Question

How do you find the product of $ 4n\left( 2{{n}^{3}}{{p}^{2}}-3n{{p}^{2}}+5n \right)+4p\left( 6{{n}^{2}}p-2n{{p}^{2}}+3p \right)$ ?

Answer 1

Hint: This is a very easy question to solve. So, in order to do this question, we just need to follow the BODMAs rule. First, we will multiply the terms outside the brackets with the terms in the brackets using the distributive law. So, we will multiply 4n and 4p with the terms inside the brackets. Then, we can check if we can add any terms in the final equation, so that we can further simplify the answer.

Complete step-by-step answer:
Let us begin the solution. We will use BODMAS - bracket, of, division, multiplication, addition and subtraction. Suppose if we have similar terms inside the bracket, we should first add the terms in the bracket and then multiply with the outside terms.

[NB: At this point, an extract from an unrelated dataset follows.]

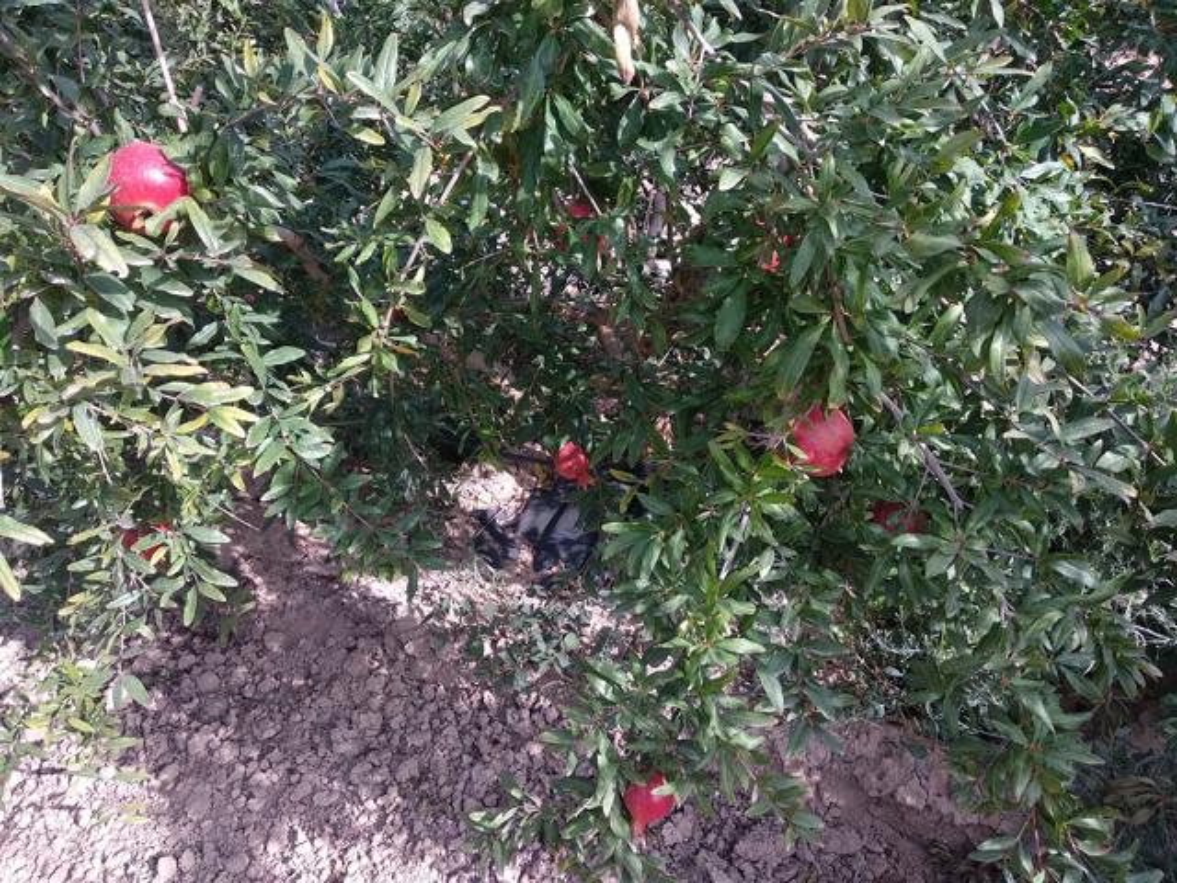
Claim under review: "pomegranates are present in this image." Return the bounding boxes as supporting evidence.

So, here, we have brackets, but nothing to simplify inside it.
$ \Rightarrow 4n\left( 2{{n}^{3}}{{p}^{2}}-3n{{p}^{2}}+5n \right)+4p\left( 6{{n}^{2}}p-2n{{p}^{2}}+3p \right)$
Here, we can see that there are no similar terms inside the brackets, so we can carry on with our multiplication. So, we multiply 4n and 4p with the terms inside the brackets using the distributive law.
$ \Rightarrow 8{{n}^{4}}{{p}^{2}}-12{{n}^{2}}{{p}^{2}}+20{{n}^{2}}+24{{n}^{2}}{{p}^{2}}-4n{{p}^{3}}+12{{p}^{2}}$
Then, we now have to see if we can add any terms in the final equation, so that we can further simplify the answer. From the above equation, we can see that we can add two terms. Therefore, after adding we get the final answer as
$ \Rightarrow 8{{n}^{4}}{{p}^{2}}+12{{n}^{2}}{{p}^{2}}+20{{n}^{2}}-4n{{p}^{3}}+12{{p}^{2}}$

Note: First of all to do this question, you need not know any formulas. You just need to know basic multiplication where you multiply the terms outside the brackets with the terms in the brackets. To do this question, you also can first take out n from the first bracket and then p from the other bracket but then you again have to multiply all the terms.